John Paul Jones House in Portsmouth, New Hampshire

John Paul Jones House

Portsmouth, New Hampshire

In Brief

At the John Paul Jones House in Portsmouth, New Hampshire, a pale woman watches the harbor from an upstairs window, and people on the sidewalk still look up. Ghost lore reads her as Sarah Purcell, the widow who ran the place as a boarding house and waited for ships that never came.

The Full Story

At the John Paul Jones House in Portsmouth, New Hampshire, a pale woman watches the harbor from an upstairs window, and people on the sidewalk still look up. Witnesses describe a wistful figure in period dress, gazing out toward the Piscataqua. Docents and ghost lore read her the same way: Sarah Purcell, the widow who waited.

The yellow gambrel-roofed Georgian at the corner of Middle and State was built in 1758 for the sea captain Gregory Purcell, by a master housewright named Hopestill Cheswell, one of the Portsmouth area's successful African-American builders. Inside, the rooms still flank a central hall with its original Georgian molding and carved woodwork. Purcell died in 1776. His widow Sarah turned the house into a boarding house and ran it until her own death in 1783, taking in lodgers while she watched the water for men and ships that didn't return.

Her most famous lodger gives the house its name.
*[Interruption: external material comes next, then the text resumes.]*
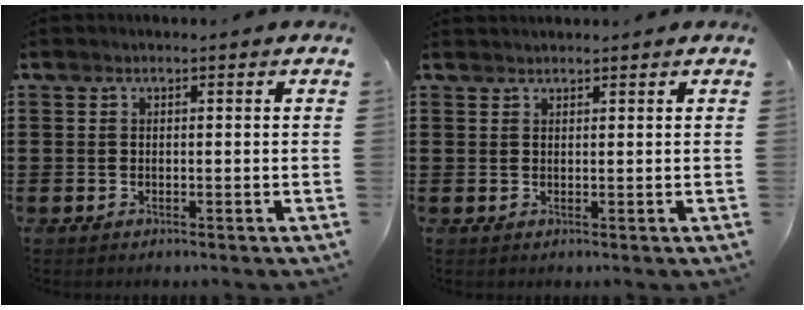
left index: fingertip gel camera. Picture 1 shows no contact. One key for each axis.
{"total": 1.1, "fx": 1.1, "fy": 0.1, "fz": 0.0, "tx": -0.002, "ty": -0.001, "tz": 0.023}

John Paul Jones, the Revolutionary War naval hero, rented a room on the second floor while he oversaw the building of his warships on Badger's Island in the river. He boarded here while the *Ranger* went up, and again from 1781 to 1782 for the ship *America*. His room was the one on the right-hand, southeast side of the house.

And here the haunting splits. The Historical Society's docents lean toward Gregory Purcell as the man Sarah waits for at the glass. The paranormal crowd leans toward Jones. According to Thomas D'Agostino's *Haunted New Hampshire*, a group of investigators set up in Jones's old room and reported capturing EVPs and flashlight responses from an entity that named itself as Jones, as though, two centuries on, he had moved back into the room he once rented.

Other tellings have crept in around the edges. One account describes a cabinet door that flies open in a room holding shawls. Some accounts describe a figure in 19th-century finery emerging from the attic, walking into a room, and vanishing: "you see someone coming out of the attic dressed in 19th century finery, walking into one of the rooms," one witness put it. Over roughly 90 years of museum days, staff and guides have collected their own quiet experiences.

The Portsmouth Historical Society has kept the house as a museum since 1920, and it became a National Historic Landmark in 1972. The Society's own pages stay purely historical; they don't mention the woman at the window. She keeps watching the harbor anyway, and declines to say which man she's waiting for.